> _WORK TASK_:
Write out only the final part of the records below. It begins with the line that contains "-21 -2 -30 0 -10" and ends with the last line.

> _DATA RECORDS_:

===============

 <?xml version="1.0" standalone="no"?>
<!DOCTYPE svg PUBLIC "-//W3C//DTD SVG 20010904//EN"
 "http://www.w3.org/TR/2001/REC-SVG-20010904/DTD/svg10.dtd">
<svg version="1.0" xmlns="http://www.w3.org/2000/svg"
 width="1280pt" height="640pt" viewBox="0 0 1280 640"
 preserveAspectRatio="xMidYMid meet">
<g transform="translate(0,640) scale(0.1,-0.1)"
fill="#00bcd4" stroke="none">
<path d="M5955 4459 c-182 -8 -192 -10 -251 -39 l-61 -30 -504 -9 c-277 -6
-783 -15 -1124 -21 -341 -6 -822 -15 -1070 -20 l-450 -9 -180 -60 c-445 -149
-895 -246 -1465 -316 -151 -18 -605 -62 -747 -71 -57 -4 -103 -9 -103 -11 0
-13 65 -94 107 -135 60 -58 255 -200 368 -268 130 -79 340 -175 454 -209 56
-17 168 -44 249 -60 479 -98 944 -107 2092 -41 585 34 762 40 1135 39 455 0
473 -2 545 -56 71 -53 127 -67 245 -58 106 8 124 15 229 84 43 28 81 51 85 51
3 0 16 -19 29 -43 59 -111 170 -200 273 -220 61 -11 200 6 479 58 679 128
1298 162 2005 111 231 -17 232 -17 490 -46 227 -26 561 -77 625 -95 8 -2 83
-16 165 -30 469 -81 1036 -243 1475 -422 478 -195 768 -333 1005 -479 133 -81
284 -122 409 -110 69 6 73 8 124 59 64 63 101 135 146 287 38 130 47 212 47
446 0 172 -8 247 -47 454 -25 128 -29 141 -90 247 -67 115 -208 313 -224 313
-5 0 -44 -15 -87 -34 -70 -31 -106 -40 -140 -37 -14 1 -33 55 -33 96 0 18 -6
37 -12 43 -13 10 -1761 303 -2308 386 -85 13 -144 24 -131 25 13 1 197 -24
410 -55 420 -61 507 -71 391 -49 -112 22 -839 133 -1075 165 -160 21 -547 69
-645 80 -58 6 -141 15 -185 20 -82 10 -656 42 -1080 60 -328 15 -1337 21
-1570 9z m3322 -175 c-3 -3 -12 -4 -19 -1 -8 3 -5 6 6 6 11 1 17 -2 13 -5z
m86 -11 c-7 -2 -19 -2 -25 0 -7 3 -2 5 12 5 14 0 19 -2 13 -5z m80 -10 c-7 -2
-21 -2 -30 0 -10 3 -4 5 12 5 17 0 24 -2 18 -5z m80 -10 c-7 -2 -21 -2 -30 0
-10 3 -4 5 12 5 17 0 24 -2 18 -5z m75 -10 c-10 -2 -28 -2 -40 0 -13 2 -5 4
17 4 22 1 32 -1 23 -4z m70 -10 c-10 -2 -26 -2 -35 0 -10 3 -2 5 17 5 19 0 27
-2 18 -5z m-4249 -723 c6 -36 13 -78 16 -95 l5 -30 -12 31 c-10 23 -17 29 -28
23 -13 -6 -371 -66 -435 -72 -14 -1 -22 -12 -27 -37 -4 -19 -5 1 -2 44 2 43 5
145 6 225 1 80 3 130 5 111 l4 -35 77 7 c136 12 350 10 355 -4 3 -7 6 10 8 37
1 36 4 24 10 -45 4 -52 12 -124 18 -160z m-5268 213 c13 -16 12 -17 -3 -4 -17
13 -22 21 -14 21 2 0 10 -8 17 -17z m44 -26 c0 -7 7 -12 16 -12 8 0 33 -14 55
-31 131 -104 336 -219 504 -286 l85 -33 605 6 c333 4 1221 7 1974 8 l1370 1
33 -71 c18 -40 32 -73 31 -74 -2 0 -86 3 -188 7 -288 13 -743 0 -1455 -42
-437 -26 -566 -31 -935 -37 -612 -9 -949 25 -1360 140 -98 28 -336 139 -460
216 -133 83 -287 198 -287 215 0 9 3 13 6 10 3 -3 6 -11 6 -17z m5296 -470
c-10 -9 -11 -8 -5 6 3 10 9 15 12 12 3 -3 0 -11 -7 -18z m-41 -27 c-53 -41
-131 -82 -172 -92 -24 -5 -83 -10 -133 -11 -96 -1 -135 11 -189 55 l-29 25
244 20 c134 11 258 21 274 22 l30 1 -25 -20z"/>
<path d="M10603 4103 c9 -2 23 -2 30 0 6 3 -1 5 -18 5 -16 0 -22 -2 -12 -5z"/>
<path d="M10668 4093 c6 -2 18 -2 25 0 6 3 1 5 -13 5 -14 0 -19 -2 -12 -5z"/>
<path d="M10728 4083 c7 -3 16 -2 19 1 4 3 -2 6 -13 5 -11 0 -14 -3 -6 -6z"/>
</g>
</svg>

===============

> _REPLY TO THE EXERCISE_:
-21 -2 -30 0 -10 3 -4 5 12 5 17 0 24 -2 18 -5z m80 -10 c-7 -2 -21 -2 -30 0
-10 3 -4 5 12 5 17 0 24 -2 18 -5z m75 -10 c-10 -2 -28 -2 -40 0 -13 2 -5 4
17 4 22 1 32 -1 23 -4z m70 -10 c-10 -2 -26 -2 -35 0 -10 3 -2 5 17 5 19 0 27
-2 18 -5z m-4249 -723 c6 -36 13 -78 16 -95 l5 -30 -12 31 c-10 23 -17 29 -28
23 -13 -6 -371 -66 -435 -72 -14 -1 -22 -12 -27 -37 -4 -19 -5 1 -2 44 2 43 5
145 6 225 1 80 3 130 5 111 l4 -35 77 7 c136 12 350 10 355 -4 3 -7 6 10 8 37
1 36 4 24 10 -45 4 -52 12 -124 18 -160z m-5268 213 c13 -16 12 -17 -3 -4 -17
13 -22 21 -14 21 2 0 10 -8 17 -17z m44 -26 c0 -7 7 -12 16 -12 8 0 33 -14 55
-31 131 -104 336 -219 504 -286 l85 -33 605 6 c333 4 1221 7 1974 8 l1370 1
33 -71 c18 -40 32 -73 31 -74 -2 0 -86 3 -188 7 -288 13 -743 0 -1455 -42
-437 -26 -566 -31 -935 -37 -612 -9 -949 25 -1360 140 -98 28 -336 139 -460
216 -133 83 -287 198 -287 215 0 9 3 13 6 10 3 -3 6 -11 6 -17z m5296 -470
c-10 -9 -11 -8 -5 6 3 10 9 15 12 12 3 -3 0 -11 -7 -18z m-41 -27 c-53 -41
-131 -82 -172 -92 -24 -5 -83 -10 -133 -11 -96 -1 -135 11 -189 55 l-29 25
244 20 c134 11 258 21 274 22 l30 1 -25 -20z"/>
<path d="M10603 4103 c9 -2 23 -2 30 0 6 3 -1 5 -18 5 -16 0 -22 -2 -12 -5z"/>
<path d="M10668 4093 c6 -2 18 -2 25 0 6 3 1 5 -13 5 -14 0 -19 -2 -12 -5z"/>
<path d="M10728 4083 c7 -3 16 -2 19 1 4 3 -2 6 -13 5 -11 0 -14 -3 -6 -6z"/>
</g>
</svg>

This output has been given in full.